Andrew Bennetts 18 years, 10 months ago  # | flag

Reminds me of Moshe Zadka's unrepr. http://twistedmatrix.com/~moshez/unrepr.py

I wonder if using the same getattr trick could make this recipe much shorter...

Michael 18 years, 10 months ago  # | flag

this might be really naive... but for simple types... what's wrong w/ repr() and eval()? they're portable AND readable, right?

S W (author) 18 years, 10 months ago  # | flag

repr and eval. Portable and Readable, yes. Secure, no.

For example, what does eval("import os; os.rmdir('/')") return?

This recipe is designed to decode data coming from untrusted, possibly malicious network connections. It does this without running possibly dangerous eval statements.

Oren Tirosh 18 years, 10 months ago  # | flag

bool, JSON. One builtin type missing from this recipe is bool. We're not in Python 2.2 any more!

With bool added, the data model described by this serialization format is nearly equivalent to that described by JSON (http://www.json.org).

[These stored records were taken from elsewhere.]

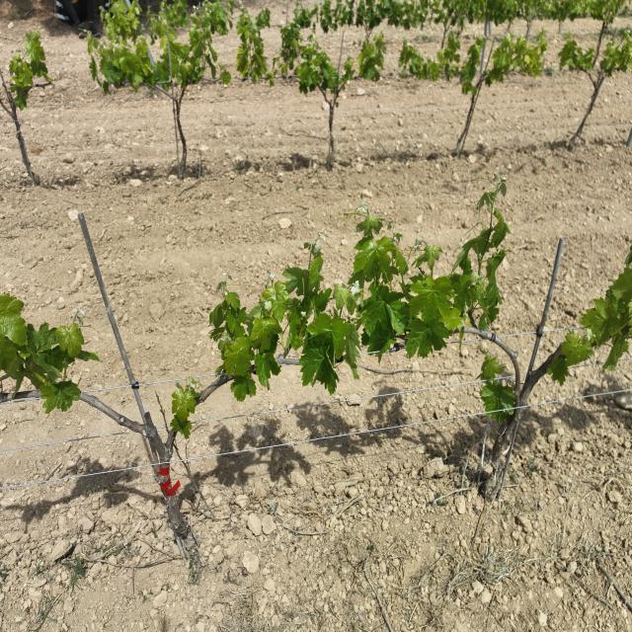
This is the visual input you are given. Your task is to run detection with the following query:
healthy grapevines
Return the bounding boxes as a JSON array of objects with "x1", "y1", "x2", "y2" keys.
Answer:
[
  {"x1": 354, "y1": 192, "x2": 630, "y2": 522},
  {"x1": 0, "y1": 230, "x2": 361, "y2": 596}
]
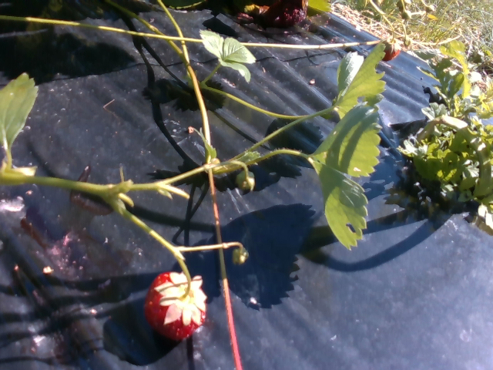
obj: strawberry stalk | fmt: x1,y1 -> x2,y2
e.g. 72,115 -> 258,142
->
171,249 -> 197,314
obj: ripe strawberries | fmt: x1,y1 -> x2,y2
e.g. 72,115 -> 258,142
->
380,19 -> 397,46
380,33 -> 400,62
145,268 -> 207,341
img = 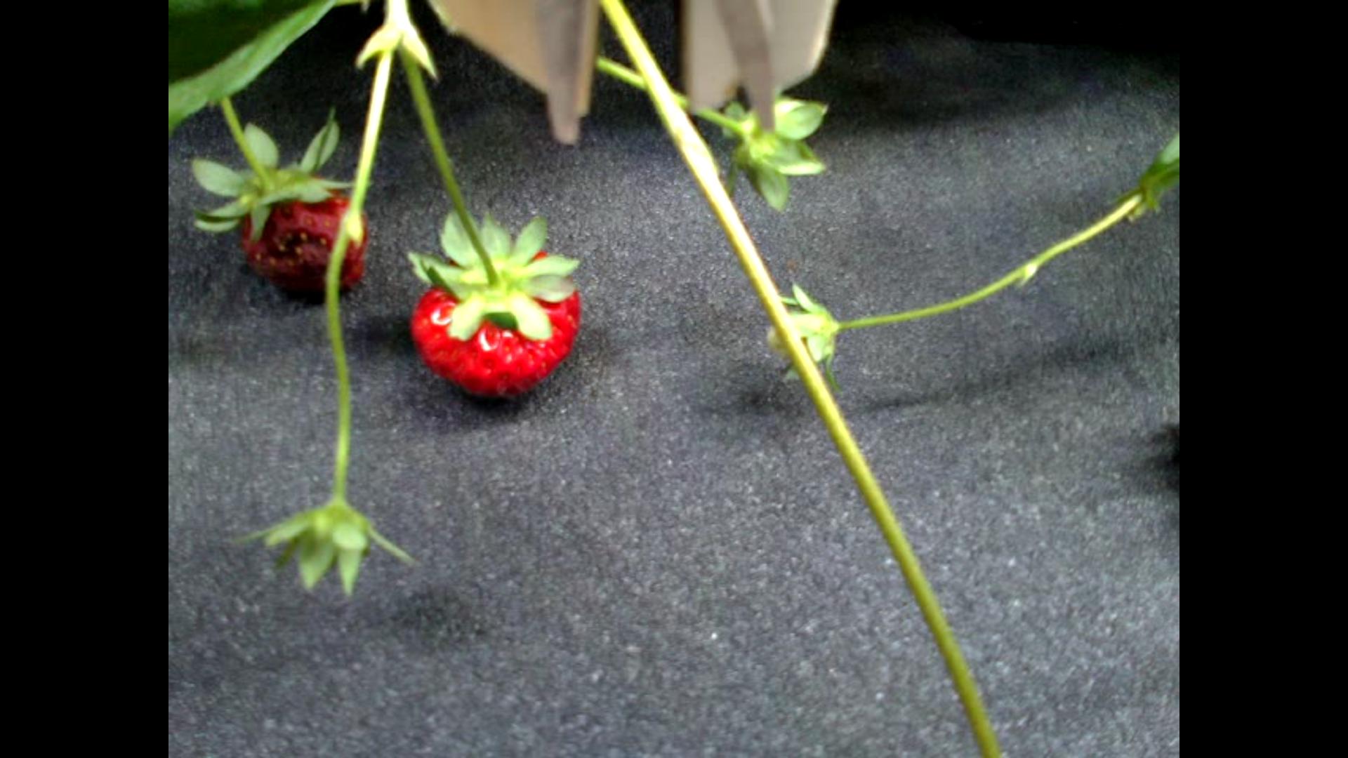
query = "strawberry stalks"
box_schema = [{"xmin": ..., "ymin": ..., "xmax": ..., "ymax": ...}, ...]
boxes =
[
  {"xmin": 221, "ymin": 102, "xmax": 328, "ymax": 241},
  {"xmin": 815, "ymin": 301, "xmax": 917, "ymax": 343},
  {"xmin": 318, "ymin": 389, "xmax": 351, "ymax": 530},
  {"xmin": 413, "ymin": 64, "xmax": 530, "ymax": 314},
  {"xmin": 666, "ymin": 73, "xmax": 767, "ymax": 145}
]
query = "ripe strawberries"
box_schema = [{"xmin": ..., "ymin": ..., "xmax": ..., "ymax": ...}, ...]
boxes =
[
  {"xmin": 218, "ymin": 128, "xmax": 382, "ymax": 304},
  {"xmin": 411, "ymin": 221, "xmax": 571, "ymax": 384}
]

Connelly Barnes 18 years, 3 months ago  # | flag

Alternative. I created a module named rencode, which is based on bencode. This handles floats, dicts with any serializable keys, bools, None, and can safely decode from untrusted data sources. For complex, heterogeneous data structures with many small elements, the serialized strings are significantly smaller than those generated by bencode, gherkin, and this Recipe. It is also faster than this Recipe.

Available: http://barnesc.blogspot.com/2006/01/rencode-reduced-length-encodings.html

Connelly Barnes 17 years, 8 months ago  # | flag

Bug. As of version 1.6, this recipe cannot encode and then decode -2**31.